Wist jij dat het lichaam meer dan 600 spieren bevat? Spieren helpen bij het pompen van het bloed door het lichaam maar zijn ook van levensbelang om weg te sprinten voor een tijger als je in nood bent. Een spier heet in het latijn musculus en is een weefselstructuur van cellen die de eigenschap hebben te kunnen samentrekken (contraheren) waardoor beweging mogelijk is. Spieren zijn gemaakt van een elastisch vezels (het heeft wat weg van een rubberenband).
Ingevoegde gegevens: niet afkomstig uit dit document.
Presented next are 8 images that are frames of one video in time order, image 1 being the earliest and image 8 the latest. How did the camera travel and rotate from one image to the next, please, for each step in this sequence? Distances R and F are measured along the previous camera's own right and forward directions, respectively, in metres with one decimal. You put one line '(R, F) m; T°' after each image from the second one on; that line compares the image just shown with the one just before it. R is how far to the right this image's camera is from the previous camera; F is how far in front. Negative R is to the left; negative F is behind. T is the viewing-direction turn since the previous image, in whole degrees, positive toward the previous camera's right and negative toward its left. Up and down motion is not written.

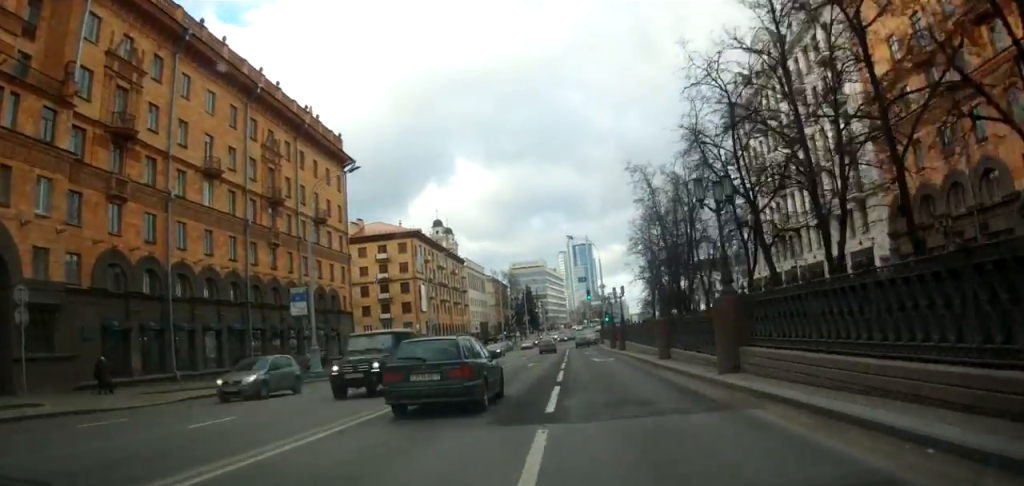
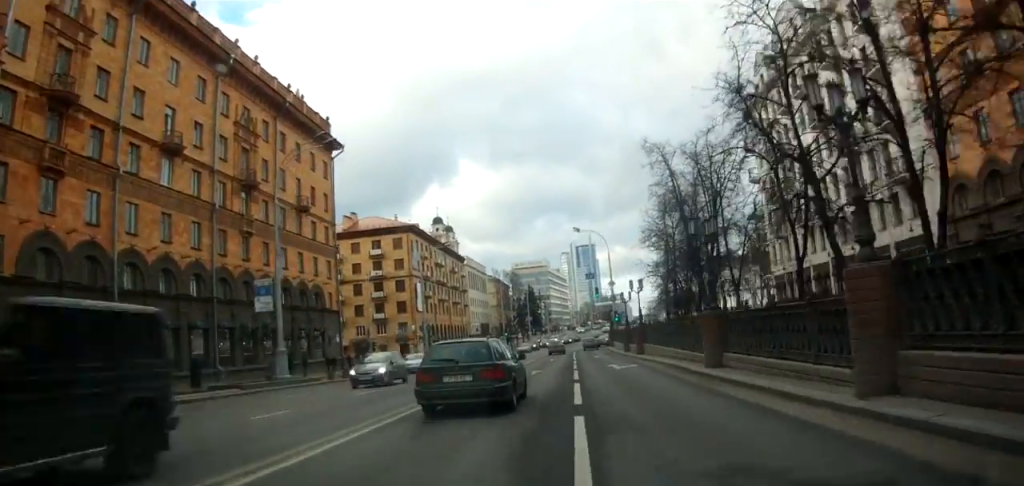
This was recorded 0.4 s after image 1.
(+0.1, +6.7) m; 0°
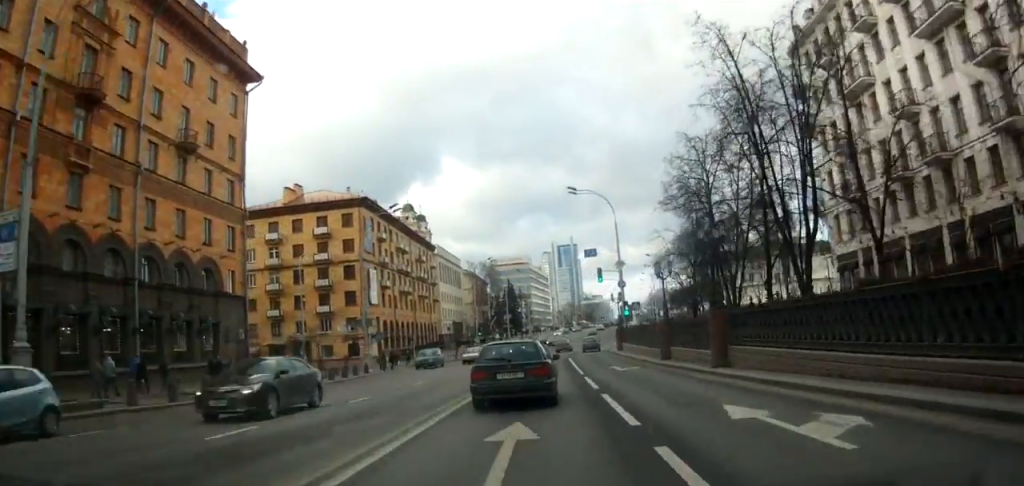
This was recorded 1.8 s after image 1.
(+0.1, +19.9) m; +1°
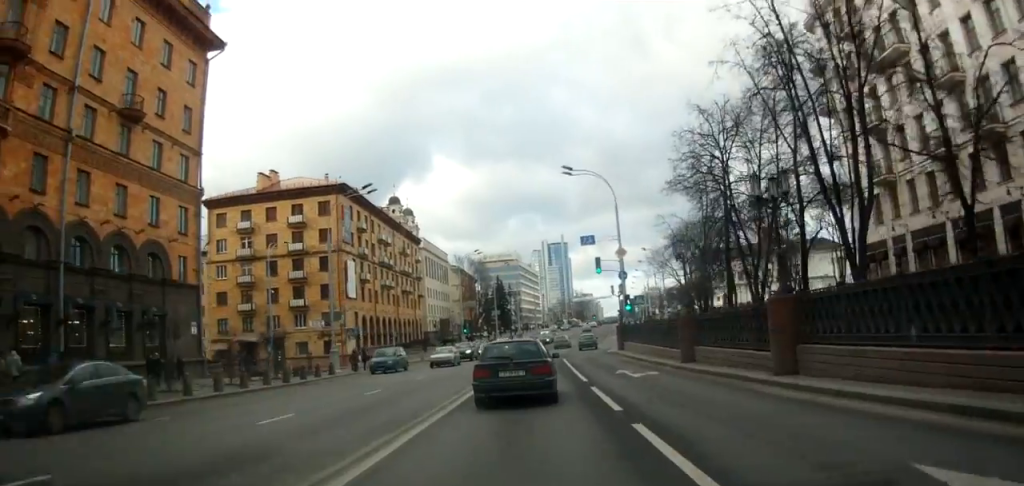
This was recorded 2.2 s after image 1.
(+0.1, +6.0) m; 0°
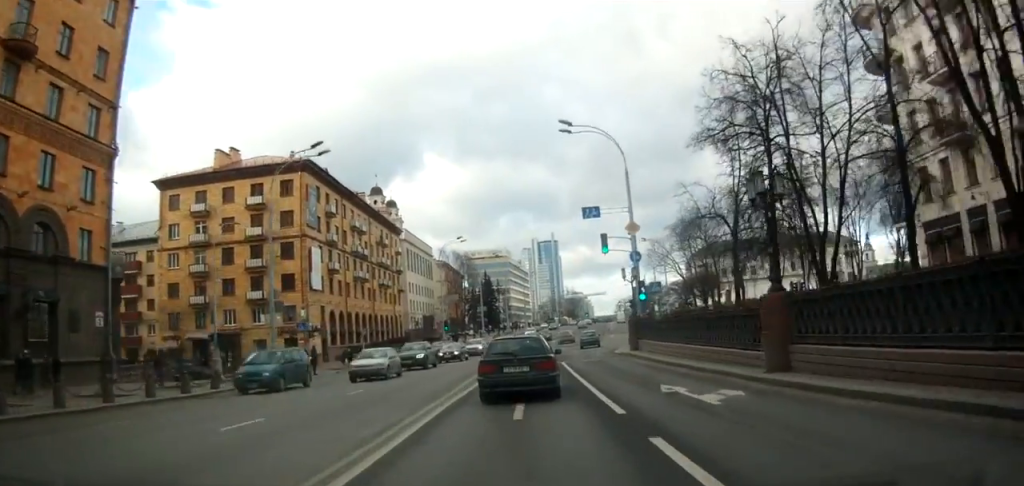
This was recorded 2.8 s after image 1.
(+0.3, +9.7) m; -1°
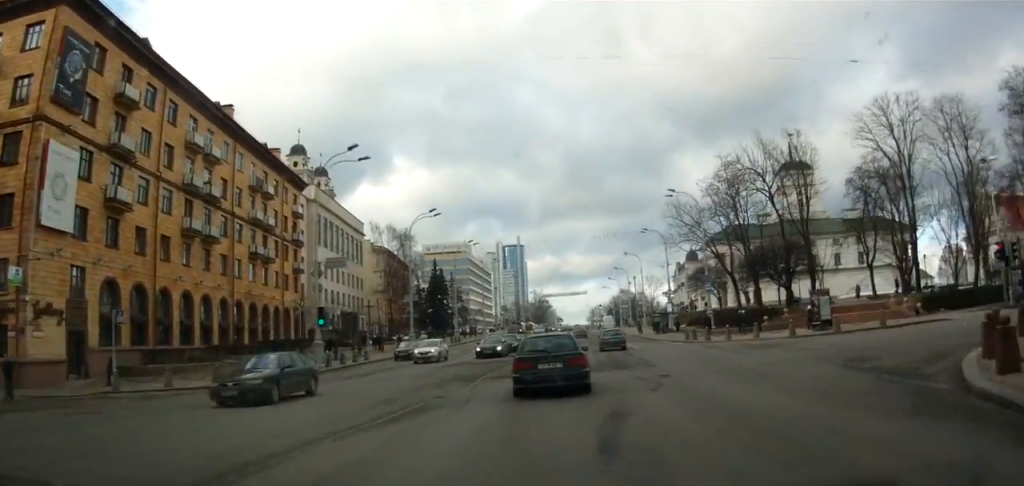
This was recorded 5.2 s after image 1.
(+0.7, +36.9) m; +2°
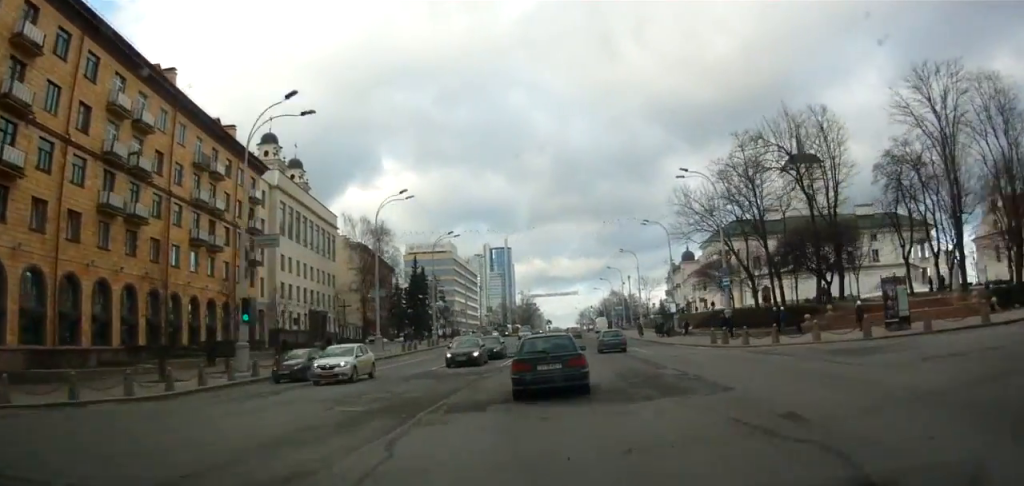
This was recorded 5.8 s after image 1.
(-0.3, +9.3) m; 0°
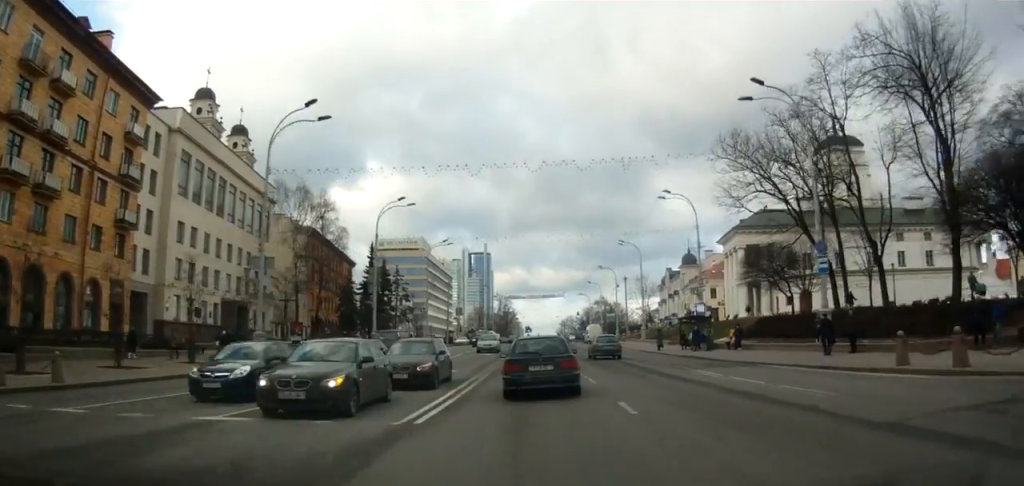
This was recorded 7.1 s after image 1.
(+0.8, +20.4) m; +3°

Duizenden smalle spiervezels zijn samengedrukt tot een spier.
Inhoudsopgave
Soorten spieren
Er zijn drie soorten spieren, namelijk:
- Dwarsgestreept spierweefsel: deze bestaat uit lange, veelkernige spiervezels. Deze zitten vooral in skeletspieren, die onder willekeurige controle staan en de botten met elkaar verbinden.
- Glad spierweefsel: deze staat niet onder willekeurige controle en vind je vooral in het maag-darmstelsel, bloedvaten, luchtwegen, voortplantingsorganen.
- Hartspierweefsel: deze heeft 1 of 2 kernen en is lang en vertakt. Het hart is in zijn geheel een onwillekeurige spier die continu werkt.
Aanhechting van een spier
De spieren die vastzitten aan het skelet zit meestal met twee of meer bevestigpunten vast aan het skelet. De oorsprong wordt origo (‘oorsprong’) genoemd en is het bevestigingspunt van een spier dat bij contractie van de spier niet beweegt. De insertie is het bevestigingspunt dat bij contractie wel beweeg en zit dus vast aan het andere gewricht zodat je een beweging van het lichaam krijgt.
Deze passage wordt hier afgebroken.